As robots become more sophisticated to perform more and more tasks normally reserved for humans, one thing they haven’t quite mastered is social skills.
That could change in the future with the help of new technologies like those recently developed by researchers at MIT. A team at MIT’s Computer Science and Artificial Intelligence Laboratory (CSAIL) has developed a computer model-based robotics framework that includes certain social interactions that determine how robots can better communicate.
The technology can also help the machines learn to perform these social behaviors on their own — based on a simulated environment that creates realistic and predictable social interactions for machines.
While the technology is intended to help robots communicate better with each other, one day it could help them have smoother and safer interactions with humans, explains Boris Katz, lead researcher and head of CSAIL’s InfoLab Group and a member of the Center for Brains, Minds and Machines (CBMM).
“Robots will be living in our world soon enough and they really need to learn how to communicate with us on human terms,” he said in a press statement. “They need to understand when it’s time for them to help and when it’s time for them to see what they can do to prevent something from happening.”
In particular, the environment that researchers have developed is one in which: robots pursue physical and social goals as they move through a two-dimensional grid, researchers explained.
They designed each physical target to relate to the environment, with each social target involving guessing what a robot is trying to do and then acting on that guess, researchers said. In the environment, a robot watches its companion, guesses what task it wants to accomplish, and then helps or hinders this other robot based on its own goals.
For example, a robot’s physical goal might be to navigate to a tree at a particular point on the grid. Another robot may try to guess what that robot will do next — like water the tree — and then act in a way that helps or hinders that goal, depending on its own goals.
“We’ve opened up a new mathematical framework for how to model social interaction between two agents,” said Ravi Tejwani, a research assistant at CSAIL, in a press statement. “Our formulation allows the plan to discover the ‘how’; we specify the ‘what’ in terms of what social interactions mean mathematically.”
Rewards based system
In the system they’ve created, researchers use their model to indicate what a robot’s physical goals are, what its social goals are, and how much emphasis it should place on one over the other, they said.
The researchers defined three types of robots in the box: a level 0 robot that has only physical goals and cannot reason socially; a level 1 robot with physical and social goals that assumes all other robots have only physical goals; and a level 2 robot that assumes that other robots have social and physical goals.
The model rewards a robot for actions it takes that bring it closer to achieving its goals. When a robot tries to help another robot, it adjusts its reward to match that of its companion; if it tries to hinder, it adjusts its reward to be the opposite.
The system uses a scheduler algorithm that decides which actions the robot should take by continuously updating the reward to guide the robot in accomplishing a mix of physical and social goals.

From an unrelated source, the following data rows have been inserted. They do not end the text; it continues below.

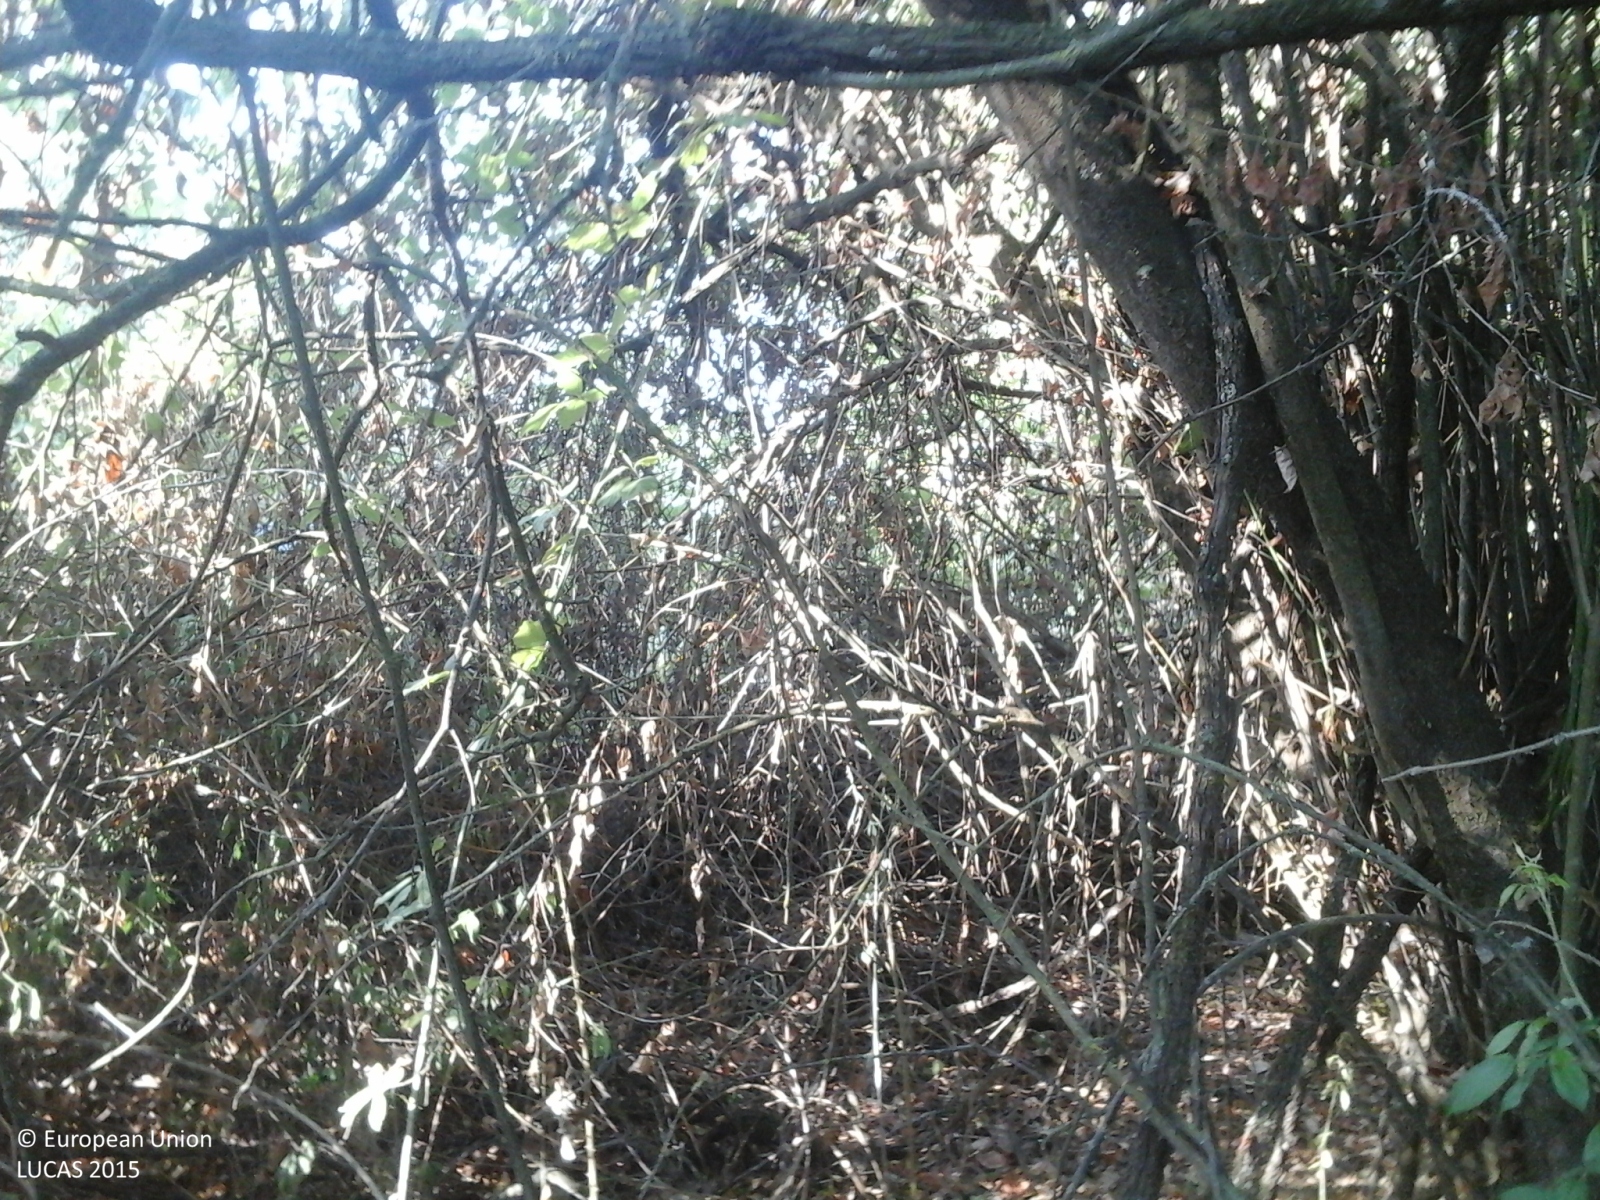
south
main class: Woodland
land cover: Broadleaved woodland
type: thermophilous deciduous forest
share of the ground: > 75 %
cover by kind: broadleaved forest trees 90 %, shrubs 10 %
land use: Abandoned areas
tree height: > 5 m
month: August
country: IT
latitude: 43.8073
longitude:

While the system currently strictly aids robot-to-robot interactions, researchers said it could one day lead to smoother and more positive human-robot interactions, Katz said.
“This is very early work and we’re just surfacing, but I feel like this is the first very serious effort to understand what it means for humans and machines to interact socially,” he said. in a press statement. A paper on the team’s work is available online.
Researchers will continue their work on creating a more sophisticated system with 3D agents in an environment that allows for many more types of interactions, such as the manipulation of household objects, they said. They also plan to modify their model to include environments where actions can fail.
The team also wants to develop a neural network-based robot planner into the model that learns from experience and performs faster. Researchers also want to conduct an experiment to collect data on the functions people use to determine whether two robots interact socially to advance their technology, they said.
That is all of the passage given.